この記事の要点
- Claude Interactive Charts & Diagramsは2026年3月12日にベータ公開。HTML+SVGで「動くチャート」をチャット内に直接描く機能です。
- Claudeのビジュアル系には3兄弟(Charts & Diagrams/Artifacts/Live Artifacts)があり、棲み分けが混乱しやすい領域。表で整理します。
- ChatGPTとの差は「画面を分けるか/会話に溶かすか」という設計思想の違い。この角度で読むと選び方が見える。
資料用のチャートを毎週作り直している営業・企画・マーケの人間にとって、
Claude Interactive Charts & Diagramsは時短の候補として無視できない機能だ。
2026年3月12日のベータ公開から約1ヶ月、
Hacker Newsでは200件超のコメントが付き、
公式は「会話の流れに溶け込む一時的なビジュアル」と位置づけている。
Excelで15分かかる棒グラフが、
会話1往復で動くHTMLとして返ってくる——この体験価値が、
なぜClaudeだけこの形なのかを掘ると、
設計思想の違いが見えてくる。
ただ、
ここには罠もある。
Charts & DiagramsとArtifacts、
そして4月21日に発表されたLive Artifactsが全部「ビジュアルを作る機能」として並び、
棲み分けがほぼ整理されていない。
加えて、
既存の日本語記事で「モバイル全部対応」と書かれている情報も、
厳密には不正確です。
順に整理します。
Claude Interactive Charts & Diagramsとは何か
Anthropic公式ブログの説明をそのまま借りると、こうです。
Claude builds them to aid users' understanding as it's discussing the topic at hand.

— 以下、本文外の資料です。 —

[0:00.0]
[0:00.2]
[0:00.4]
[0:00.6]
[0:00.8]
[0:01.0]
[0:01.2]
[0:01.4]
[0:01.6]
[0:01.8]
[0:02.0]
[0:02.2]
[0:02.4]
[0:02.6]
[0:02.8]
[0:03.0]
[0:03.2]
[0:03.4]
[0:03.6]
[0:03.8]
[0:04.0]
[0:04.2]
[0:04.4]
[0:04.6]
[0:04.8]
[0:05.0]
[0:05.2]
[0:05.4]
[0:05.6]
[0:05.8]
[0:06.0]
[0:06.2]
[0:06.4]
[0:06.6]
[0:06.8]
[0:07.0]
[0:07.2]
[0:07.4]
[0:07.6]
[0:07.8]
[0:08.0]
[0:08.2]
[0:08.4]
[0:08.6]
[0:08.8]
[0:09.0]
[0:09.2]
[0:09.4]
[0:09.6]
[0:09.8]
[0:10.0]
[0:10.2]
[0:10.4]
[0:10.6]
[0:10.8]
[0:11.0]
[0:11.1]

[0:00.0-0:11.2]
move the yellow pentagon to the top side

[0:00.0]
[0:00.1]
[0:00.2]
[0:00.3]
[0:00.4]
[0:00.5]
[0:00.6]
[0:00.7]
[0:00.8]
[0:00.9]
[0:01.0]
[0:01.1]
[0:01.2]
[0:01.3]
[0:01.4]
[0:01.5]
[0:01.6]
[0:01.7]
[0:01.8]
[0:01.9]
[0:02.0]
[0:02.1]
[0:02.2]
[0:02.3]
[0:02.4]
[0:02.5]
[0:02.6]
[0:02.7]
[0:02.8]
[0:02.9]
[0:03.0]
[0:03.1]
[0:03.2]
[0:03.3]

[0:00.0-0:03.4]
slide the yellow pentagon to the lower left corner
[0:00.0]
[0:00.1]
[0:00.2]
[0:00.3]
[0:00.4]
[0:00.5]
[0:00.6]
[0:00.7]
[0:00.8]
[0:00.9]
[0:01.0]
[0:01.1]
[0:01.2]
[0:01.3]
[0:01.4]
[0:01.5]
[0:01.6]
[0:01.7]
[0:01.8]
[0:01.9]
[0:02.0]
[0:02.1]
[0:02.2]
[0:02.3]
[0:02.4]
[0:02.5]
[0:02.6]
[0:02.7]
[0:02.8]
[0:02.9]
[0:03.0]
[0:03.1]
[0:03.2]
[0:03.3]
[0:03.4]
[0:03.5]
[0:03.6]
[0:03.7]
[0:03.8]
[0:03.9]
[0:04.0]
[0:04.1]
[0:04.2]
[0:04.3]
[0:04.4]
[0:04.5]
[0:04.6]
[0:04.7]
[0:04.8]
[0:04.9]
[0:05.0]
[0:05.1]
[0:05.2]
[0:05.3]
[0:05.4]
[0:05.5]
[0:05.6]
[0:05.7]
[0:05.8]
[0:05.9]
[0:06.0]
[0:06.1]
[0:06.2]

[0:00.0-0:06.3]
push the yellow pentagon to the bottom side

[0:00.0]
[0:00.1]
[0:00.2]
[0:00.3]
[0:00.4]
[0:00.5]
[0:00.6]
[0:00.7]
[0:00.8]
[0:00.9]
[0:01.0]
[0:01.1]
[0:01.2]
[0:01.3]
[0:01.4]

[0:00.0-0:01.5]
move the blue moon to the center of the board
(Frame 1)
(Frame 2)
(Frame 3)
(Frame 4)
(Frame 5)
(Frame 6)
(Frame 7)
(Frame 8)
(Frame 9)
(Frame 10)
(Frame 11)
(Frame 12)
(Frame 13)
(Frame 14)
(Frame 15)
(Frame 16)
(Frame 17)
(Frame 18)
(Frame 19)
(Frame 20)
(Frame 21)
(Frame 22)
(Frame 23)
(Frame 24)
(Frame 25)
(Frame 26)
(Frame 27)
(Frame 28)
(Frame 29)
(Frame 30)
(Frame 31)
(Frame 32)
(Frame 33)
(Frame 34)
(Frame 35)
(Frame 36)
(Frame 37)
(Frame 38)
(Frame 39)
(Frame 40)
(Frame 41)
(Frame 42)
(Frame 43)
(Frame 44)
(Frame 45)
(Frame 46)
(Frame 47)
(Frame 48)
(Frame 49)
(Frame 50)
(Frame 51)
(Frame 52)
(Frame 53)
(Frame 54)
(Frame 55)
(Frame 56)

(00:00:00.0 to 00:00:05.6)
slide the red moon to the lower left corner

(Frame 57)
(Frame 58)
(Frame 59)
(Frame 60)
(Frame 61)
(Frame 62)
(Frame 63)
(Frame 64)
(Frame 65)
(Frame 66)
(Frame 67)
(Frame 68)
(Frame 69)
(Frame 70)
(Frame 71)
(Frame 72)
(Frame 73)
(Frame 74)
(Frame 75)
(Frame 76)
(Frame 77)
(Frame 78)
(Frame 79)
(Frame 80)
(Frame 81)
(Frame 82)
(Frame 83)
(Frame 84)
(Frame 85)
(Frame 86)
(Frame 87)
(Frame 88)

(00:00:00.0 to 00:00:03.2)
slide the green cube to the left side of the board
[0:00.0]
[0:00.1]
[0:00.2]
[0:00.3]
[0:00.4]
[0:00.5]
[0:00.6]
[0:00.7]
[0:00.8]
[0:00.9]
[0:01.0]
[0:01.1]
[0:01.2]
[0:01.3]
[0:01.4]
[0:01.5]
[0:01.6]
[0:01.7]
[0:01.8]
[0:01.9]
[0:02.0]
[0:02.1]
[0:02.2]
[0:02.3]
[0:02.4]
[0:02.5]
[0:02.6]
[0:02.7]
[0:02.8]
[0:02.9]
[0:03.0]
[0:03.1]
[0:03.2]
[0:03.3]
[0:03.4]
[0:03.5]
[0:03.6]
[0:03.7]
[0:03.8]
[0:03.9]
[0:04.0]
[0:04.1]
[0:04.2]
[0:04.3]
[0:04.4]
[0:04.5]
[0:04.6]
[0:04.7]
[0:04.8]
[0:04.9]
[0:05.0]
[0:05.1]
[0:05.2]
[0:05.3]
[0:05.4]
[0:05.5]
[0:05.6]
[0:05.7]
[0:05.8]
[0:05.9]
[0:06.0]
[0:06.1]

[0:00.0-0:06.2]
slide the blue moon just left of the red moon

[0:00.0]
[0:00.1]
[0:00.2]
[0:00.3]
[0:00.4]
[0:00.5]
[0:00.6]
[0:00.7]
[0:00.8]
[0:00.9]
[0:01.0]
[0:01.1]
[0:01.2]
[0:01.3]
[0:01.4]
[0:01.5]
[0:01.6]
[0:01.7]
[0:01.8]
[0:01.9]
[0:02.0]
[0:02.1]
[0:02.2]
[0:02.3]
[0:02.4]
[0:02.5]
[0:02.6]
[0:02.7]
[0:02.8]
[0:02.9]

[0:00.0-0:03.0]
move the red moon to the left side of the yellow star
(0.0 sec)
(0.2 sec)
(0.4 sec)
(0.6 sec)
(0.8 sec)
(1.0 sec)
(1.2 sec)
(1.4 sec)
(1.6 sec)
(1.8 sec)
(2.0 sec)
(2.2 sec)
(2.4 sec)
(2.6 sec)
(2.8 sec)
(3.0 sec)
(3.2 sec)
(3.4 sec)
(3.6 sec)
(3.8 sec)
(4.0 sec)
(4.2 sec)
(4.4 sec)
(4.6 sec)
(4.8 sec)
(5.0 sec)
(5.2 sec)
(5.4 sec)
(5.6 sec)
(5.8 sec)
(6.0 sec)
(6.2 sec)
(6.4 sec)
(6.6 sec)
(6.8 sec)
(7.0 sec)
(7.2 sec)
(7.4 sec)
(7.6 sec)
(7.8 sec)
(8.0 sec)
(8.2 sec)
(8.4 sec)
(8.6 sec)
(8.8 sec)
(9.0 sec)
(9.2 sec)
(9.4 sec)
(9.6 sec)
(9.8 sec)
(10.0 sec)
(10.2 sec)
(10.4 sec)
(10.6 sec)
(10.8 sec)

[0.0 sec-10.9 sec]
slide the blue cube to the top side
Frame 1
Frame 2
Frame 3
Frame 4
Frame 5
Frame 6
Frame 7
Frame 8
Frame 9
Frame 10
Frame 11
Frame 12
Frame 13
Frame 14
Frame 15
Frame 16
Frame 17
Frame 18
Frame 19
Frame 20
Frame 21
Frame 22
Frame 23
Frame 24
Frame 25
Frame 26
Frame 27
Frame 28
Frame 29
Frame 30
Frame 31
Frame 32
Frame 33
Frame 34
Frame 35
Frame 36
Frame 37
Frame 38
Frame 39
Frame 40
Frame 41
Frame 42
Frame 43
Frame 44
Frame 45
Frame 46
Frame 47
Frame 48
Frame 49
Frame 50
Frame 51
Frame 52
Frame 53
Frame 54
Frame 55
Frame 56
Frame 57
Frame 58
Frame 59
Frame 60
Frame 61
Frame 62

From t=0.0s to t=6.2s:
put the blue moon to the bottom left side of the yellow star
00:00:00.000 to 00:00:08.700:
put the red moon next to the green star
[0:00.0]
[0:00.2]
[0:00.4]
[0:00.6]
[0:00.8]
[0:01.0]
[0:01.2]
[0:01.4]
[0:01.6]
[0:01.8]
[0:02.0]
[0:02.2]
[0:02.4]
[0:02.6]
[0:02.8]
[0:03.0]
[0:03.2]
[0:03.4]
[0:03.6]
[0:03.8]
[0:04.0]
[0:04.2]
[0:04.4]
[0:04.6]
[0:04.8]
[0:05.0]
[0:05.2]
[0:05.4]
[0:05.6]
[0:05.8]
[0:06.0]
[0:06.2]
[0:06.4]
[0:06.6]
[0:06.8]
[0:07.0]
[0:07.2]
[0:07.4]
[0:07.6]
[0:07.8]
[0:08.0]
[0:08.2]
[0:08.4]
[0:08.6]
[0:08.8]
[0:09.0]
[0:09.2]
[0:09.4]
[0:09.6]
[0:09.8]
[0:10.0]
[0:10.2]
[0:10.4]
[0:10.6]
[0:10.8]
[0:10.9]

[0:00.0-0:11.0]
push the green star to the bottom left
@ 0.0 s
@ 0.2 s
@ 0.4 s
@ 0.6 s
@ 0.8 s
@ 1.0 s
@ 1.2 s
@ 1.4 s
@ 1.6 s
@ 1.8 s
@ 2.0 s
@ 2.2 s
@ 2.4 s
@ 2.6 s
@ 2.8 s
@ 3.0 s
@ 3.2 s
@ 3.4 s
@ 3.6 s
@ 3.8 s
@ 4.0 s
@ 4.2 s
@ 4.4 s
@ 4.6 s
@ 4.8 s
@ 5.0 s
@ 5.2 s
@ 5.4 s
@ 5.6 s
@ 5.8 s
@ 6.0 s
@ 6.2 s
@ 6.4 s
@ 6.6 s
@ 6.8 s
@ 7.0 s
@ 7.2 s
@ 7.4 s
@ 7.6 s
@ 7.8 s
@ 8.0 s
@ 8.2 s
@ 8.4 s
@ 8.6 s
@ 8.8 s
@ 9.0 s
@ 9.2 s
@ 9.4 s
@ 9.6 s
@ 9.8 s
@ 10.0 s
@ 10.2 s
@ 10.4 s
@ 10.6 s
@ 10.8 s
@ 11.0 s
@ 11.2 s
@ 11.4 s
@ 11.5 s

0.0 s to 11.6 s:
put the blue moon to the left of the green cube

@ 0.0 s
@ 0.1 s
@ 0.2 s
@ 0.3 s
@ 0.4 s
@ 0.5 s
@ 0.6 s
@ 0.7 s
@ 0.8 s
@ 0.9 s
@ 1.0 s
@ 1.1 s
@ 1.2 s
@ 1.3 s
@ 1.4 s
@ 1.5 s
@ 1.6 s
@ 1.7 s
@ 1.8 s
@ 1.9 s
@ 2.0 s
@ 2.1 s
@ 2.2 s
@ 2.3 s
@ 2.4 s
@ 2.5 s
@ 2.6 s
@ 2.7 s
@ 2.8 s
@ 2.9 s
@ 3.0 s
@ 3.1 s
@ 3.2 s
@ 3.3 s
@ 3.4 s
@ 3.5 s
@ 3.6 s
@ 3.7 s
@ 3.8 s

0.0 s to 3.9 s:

They appear in-line, rather than in a side panel, and they're temporary.
(出典: Anthropic公式ブログ「Claude builds interactive visuals right in your conversation」)
キーワードは「in-line」と「temporary」。
会話の流れの中(サイドパネルではなく本文内)に一時的に表示される。
つまり、
会話が進むと変化したり流れていったりする。
永続成果物ではないという点が、
後述のArtifactsとの最大の分岐点だ。
技術的には、
画像生成ではなくHTML+SVGをコードとして生成する仕組みです。
Michael Livs氏のリバースエンジニアリング解説によれば、show_widgetというツールコール経由でDOMに直接インジェクションされ、
Chart.js・D3.js・Recharts・Three.jsなどのライブラリがCDN(cdnjs・jsdelivr・unpkg・esm.shの4つのみ許可)から動的に読み込まれる(出典: Reverse-engineering Claude's generative UI)。
画像ではなくコードなので、
ホバーで数値が出るし、
スライダーで値を動かせるし、
会話で「赤を青にして」と言えば即座に再描画される。
これが本質。
対応しているチャート種別を公式と複数レビューソースから拾うと、以下のとおり。
- 折れ線・棒・散布・エリア・箱ひげ・ヒートマップ
- フローチャート・組織図・タイムライン
- Mermaid経由のマインドマップ・ER図・UML
- スライダー付きインタラクティブウィジェット(複利計算など)
- 周期表(クリックで元素詳細)のような教育シミュレーション
制約面では「視覚効果なし(グラデーション・影・ブラー禁止、
ストリーミング中のちらつき防止)」「フォントウェイトは400と500の2種のみ」と、
出力は意図的にフラットに揃えられている。
派手さで勝負する機能ではない、
ということ。
なぜ私がこの機能に注目しているのか
私がこの機能を面白いと感じているのは、
チャートが作れるから、
ではない。
「画面を一切切り替えずに会話の中で完結する」という設計思想が、
ChatGPT陣営とはっきり違う方向を向いているからです。
ChatGPTでデータ可視化をやる場合、
ルートは主に2つ。
Code Interpreter(Advanced Data Analysis)でPythonを走らせ、
matplotlibやseabornが返す静的PNG画像を受け取る。
または、
Canvasという別画面エディタを開いてコードを編集する。
どちらも「チャットの外に出る」動作を含む。
MindStudioの比較記事はこう書いています。
ChatGPT excels at fast CSV-to-chart workflows through Code Interpreter, while Claude's Interactive Charts are better suited for embedded, portable tools and parameter-driven exploration.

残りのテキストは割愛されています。